Mike Leigh has directed a drama of everyday life, and the aging that goes along with it, in Another Year. The film is sensitive and amusing, and benefits greatly from performers such as Jim Broadbent and Lesley Manville, but one can’t help feeling that Leigh ought to have something more concrete and incisive to say about British life.

Austrian filmmaker Barbara Eder’s Inside America is set in Brownsville, Texas, on the US-Mexico border, where the director spent a year as a high school exchange student in 1994. The movie’s website explains, “Many of her [Eder’s] teenage friends are not alive anymore.” They died in violent crimes or succumbed to drugs.

The fiction film follows a number of Latino young people, some born in the US, some undocumented. Brownsville, like many US towns and cities, offers working class kids next to nothing: dead-end jobs in fast-food restaurants or the military. The movie is not flawless, but at its best it allows the bleak existence and its human toll to come through. It’s shameful that so few American filmmakers consider such a subject worthy of treatment.

The Hunter

The Hunter from Iran, directed by Rafi Pitts (The Fifth Season, It’s Winter), is an angry, disturbing film, although the target of its anger is not entirely clear. The central character (played by Pitts) is a man, just out of prison, whose wife and child are killed, apparently at the hands of the authorities. He goes off the edge, taking violent action. We interviewed the filmmaker in Toronto, who had numerous interesting things to say.

Tony Goldwyn’s Conviction is a compelling account of the effort to free an innocent man sentenced to life imprisonment for a brutal murder. The film is based on the story of Betty Anne Waters (played by Hilary Swank), an unemployed single mother in Massachusetts who spent a decade going through law school so that she could represent her brother in court.

Essential Killing, from veteran Polish-born filmmaker Jerzy Skolimowski, dramatizes the fate of an apparent Afghan insurgent, captured by American forces and shipped off to a “black site” in eastern Europe. He eventually escapes from his persecutors and much of the film is spent on his desperate flight in a frozen landscape, but the most evocative and chilling portion of the film occurs in its first third. Here, Skolimowski recreates in terrifying detail the interrogation, torture and savage treatment of Afghan and Iraqi detainees at the hands of the US military.

In Outbound, from Romanian director Bogdan George Apetri, Matilda, on 24-hour leave from prison to attend her mother’s funeral, makes a frantic attempt to arrange a way out of the country for her and her estranged son. Much of the detail of everyday life in Bucharest rings true, including, again, the portrait of members of the criminal class that has emerged in the new Romanian “democracy.”

Cirkus Columbia, directed by Danis Tanovic (No Man’s Land, Triage), born in Bosnia and Herzegovina, despite an implausible and contrived ending, delivers some convincing blows to communalism and chauvinism in the Balkans, in this story set just prior to the bloody civil war.

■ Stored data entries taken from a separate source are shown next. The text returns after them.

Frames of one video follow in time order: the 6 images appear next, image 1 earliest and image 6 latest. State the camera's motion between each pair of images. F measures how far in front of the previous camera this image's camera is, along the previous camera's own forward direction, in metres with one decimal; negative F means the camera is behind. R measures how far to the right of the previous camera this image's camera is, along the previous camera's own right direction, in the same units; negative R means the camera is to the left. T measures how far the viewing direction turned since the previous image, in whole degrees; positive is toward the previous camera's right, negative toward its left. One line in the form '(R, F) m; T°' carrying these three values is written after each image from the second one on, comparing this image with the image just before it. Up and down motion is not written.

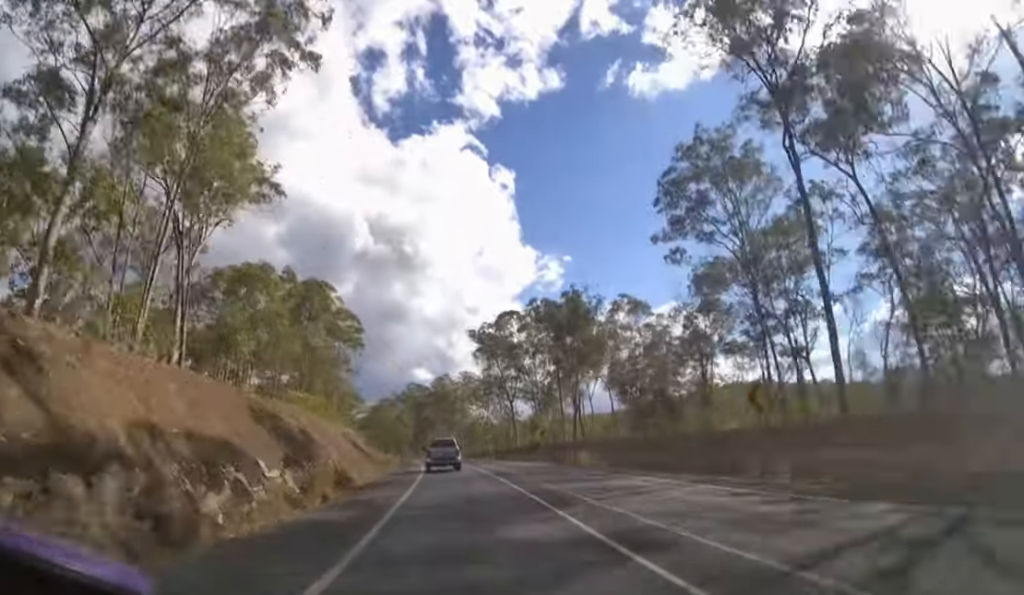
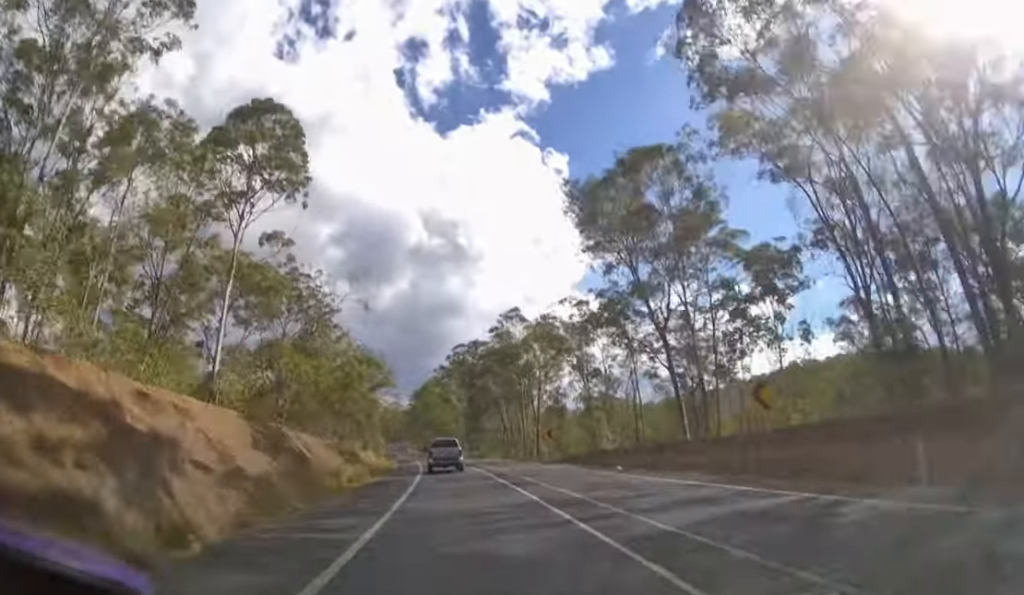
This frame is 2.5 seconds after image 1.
(-3.6, +60.7) m; -7°
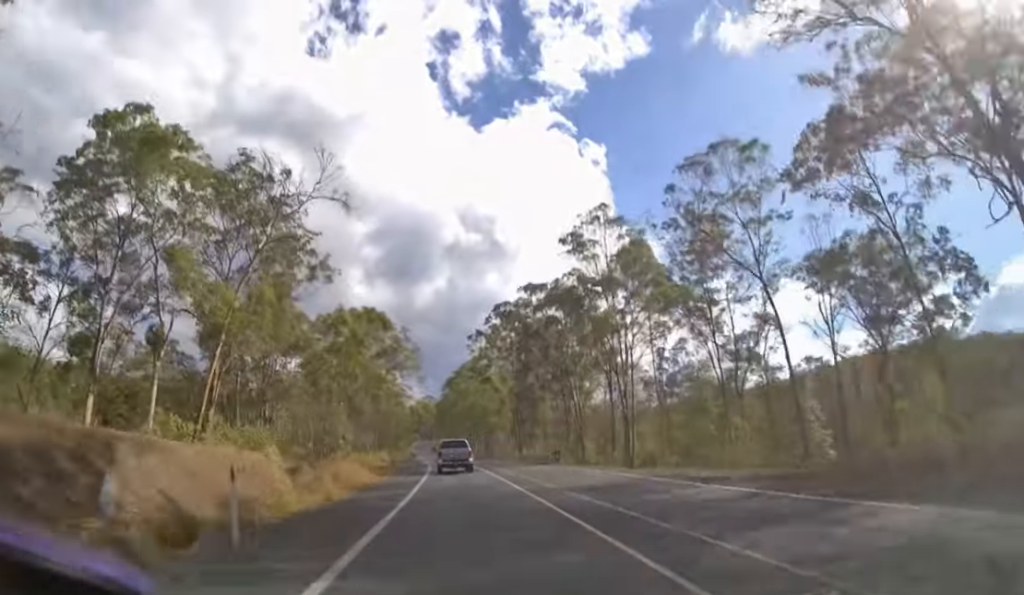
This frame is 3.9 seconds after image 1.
(-1.4, +32.2) m; -5°
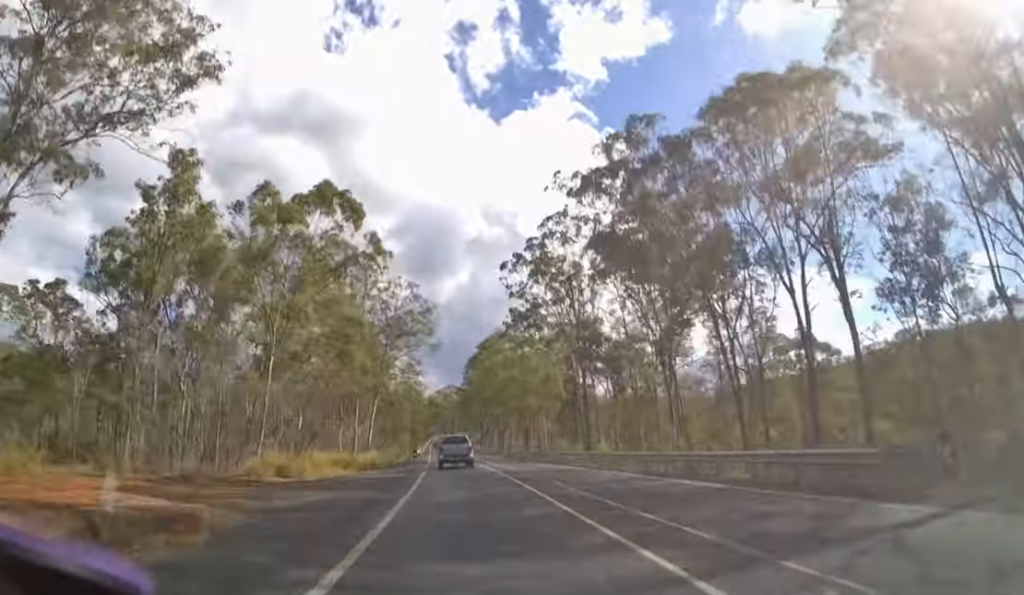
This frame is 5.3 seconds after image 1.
(-0.9, +29.0) m; -3°
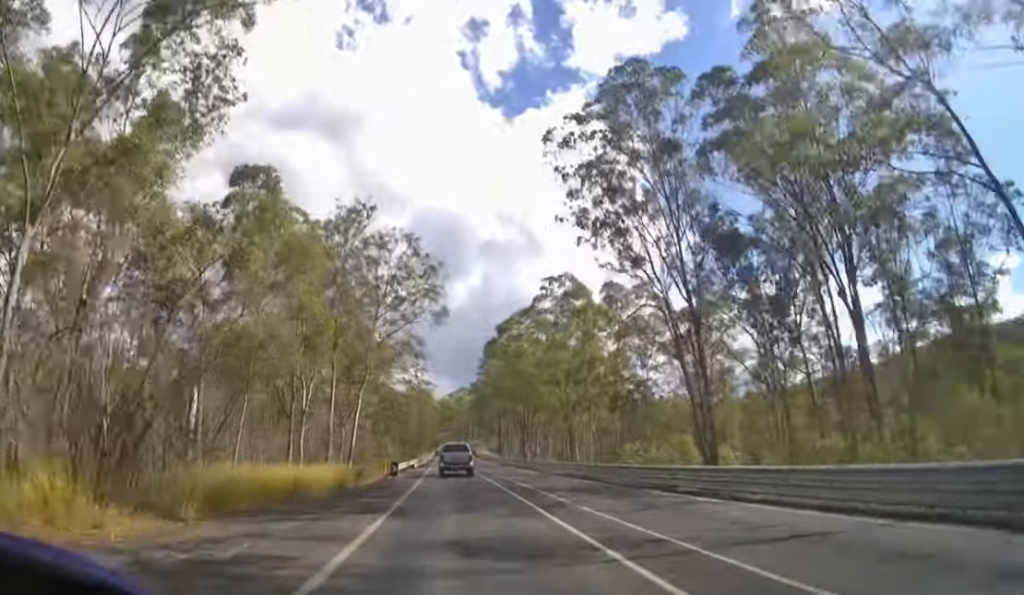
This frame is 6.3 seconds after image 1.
(-0.3, +19.0) m; -2°
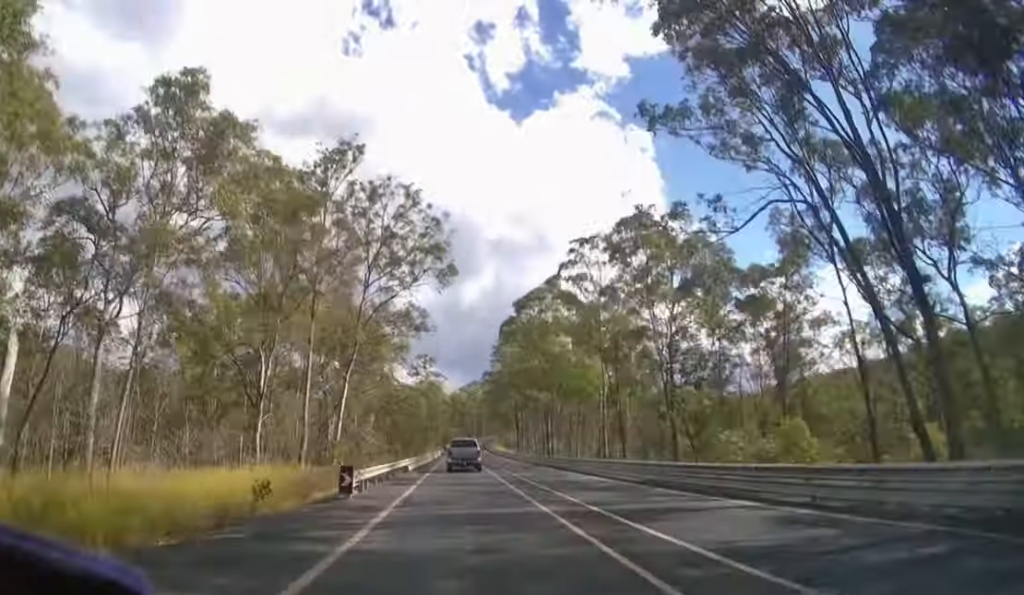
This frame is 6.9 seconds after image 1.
(-0.1, +11.7) m; -1°
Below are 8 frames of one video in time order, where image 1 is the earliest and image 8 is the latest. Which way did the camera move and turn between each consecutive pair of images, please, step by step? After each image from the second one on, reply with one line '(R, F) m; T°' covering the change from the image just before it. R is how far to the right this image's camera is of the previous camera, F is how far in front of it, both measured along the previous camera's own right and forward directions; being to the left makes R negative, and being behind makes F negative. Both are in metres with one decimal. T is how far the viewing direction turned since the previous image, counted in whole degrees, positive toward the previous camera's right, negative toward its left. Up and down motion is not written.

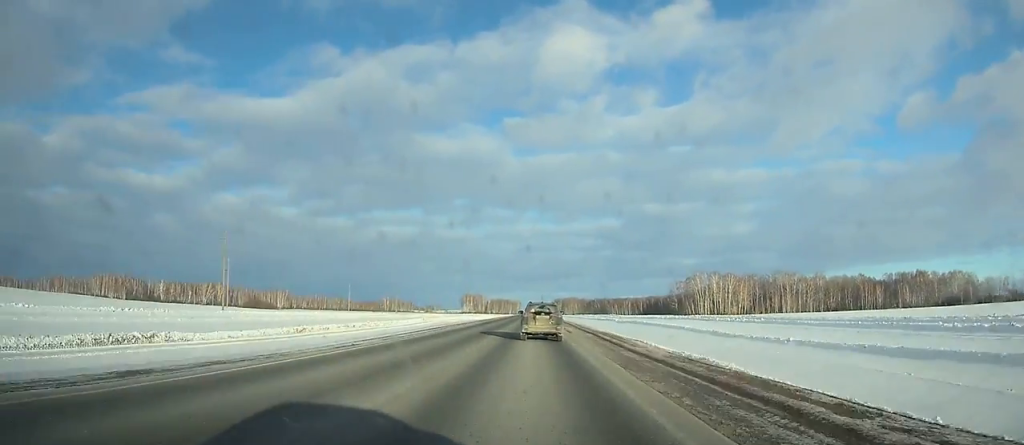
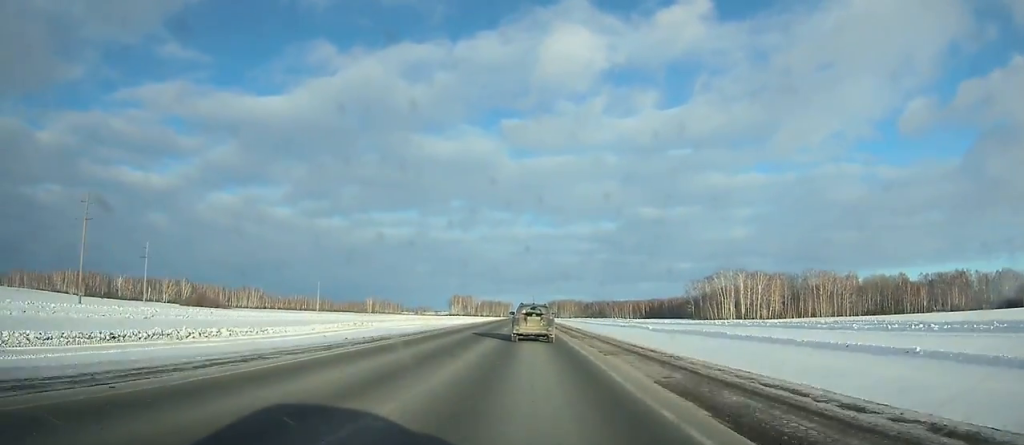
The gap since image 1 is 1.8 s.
(-0.1, +51.2) m; 0°
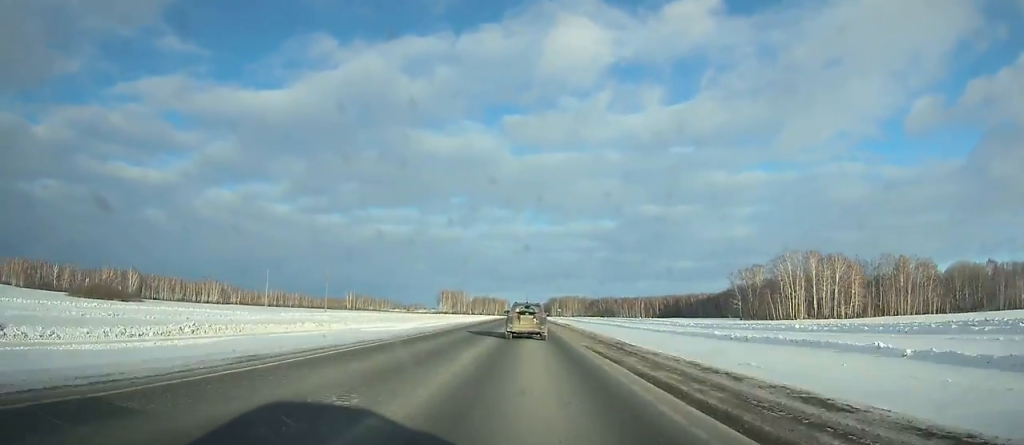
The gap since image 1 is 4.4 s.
(+0.1, +72.8) m; 0°
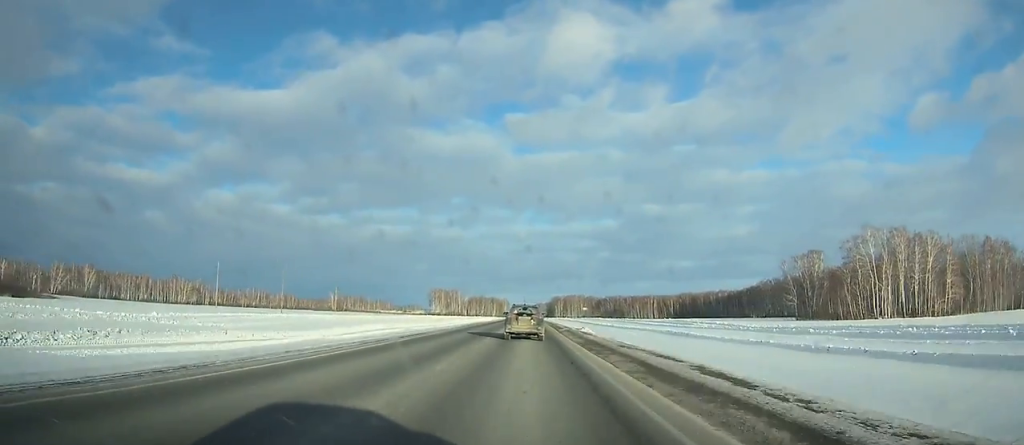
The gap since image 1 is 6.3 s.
(-0.1, +52.5) m; 0°
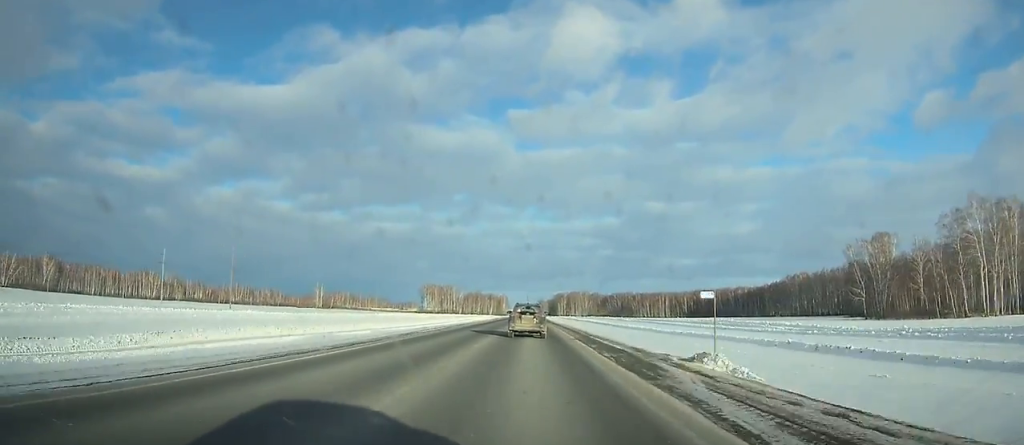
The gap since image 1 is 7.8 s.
(-0.1, +41.2) m; 0°
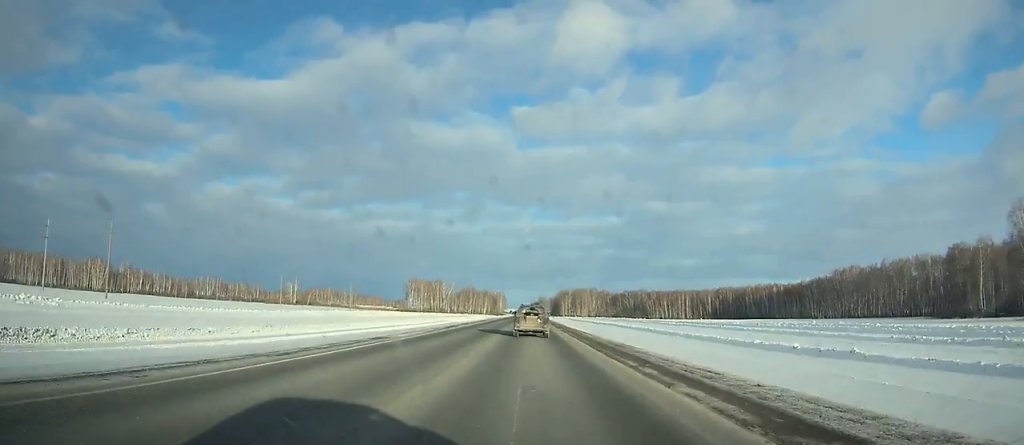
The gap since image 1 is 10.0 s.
(+0.1, +60.0) m; 0°
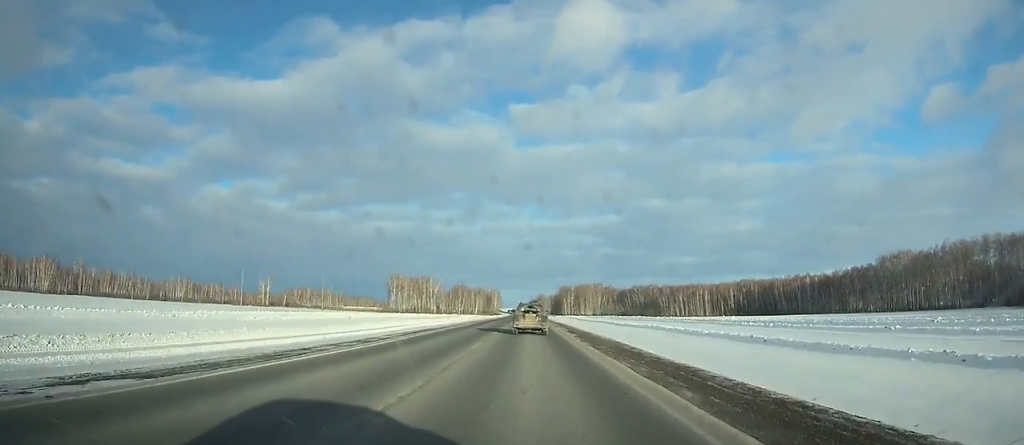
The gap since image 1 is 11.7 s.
(0.0, +45.4) m; 0°
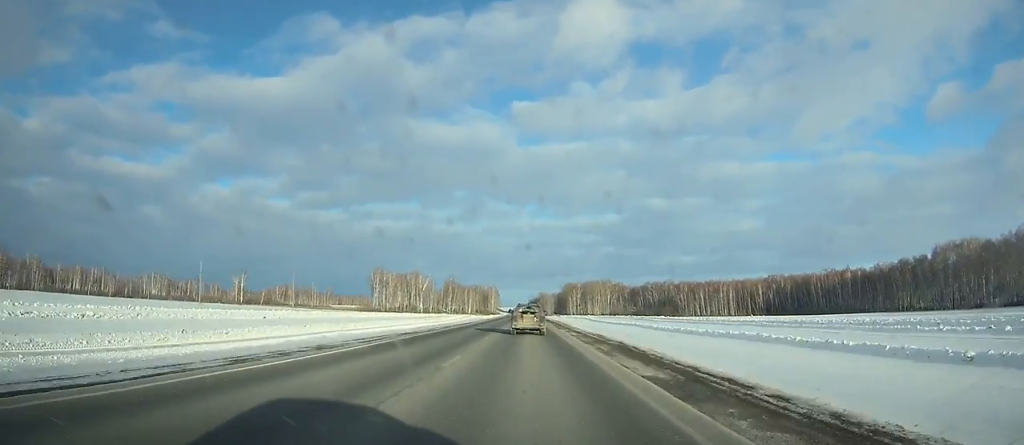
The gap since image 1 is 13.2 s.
(0.0, +39.8) m; 0°

Fiction films also worth singling out included Outside the Law (Rachid Bouchareb), about three Algerian brothers during the independence struggle against France, and Autumn (Aamir Bashir), on the bitter war in Kashmir.

Directed by Linda Hoaglund, ANPO (acronym for US-Japan Mutual Security Treaty) is a fascinating look at the mass protests that erupted in Japan in 1960 over the extension of the treaty imposed on a defeated Japan nine years earlier. The documentary examines the protest movement, the ongoing US military presence on Japanese soil (90 American bases remain!), and the remarkable paintings and photographs generated by the 1960 movement.

Among the other documentaries of note were Inside Job (Charles Ferguson, No End in Sight), about the global financial meltdown, and The Pipe (Risteard Ó Domhnaill), which recounts the struggle against a proposed pipeline in a western Irish town.

All in all, a good deal of interesting material.

In subsequent articles, we will concentrate on some of these films, directors and writers.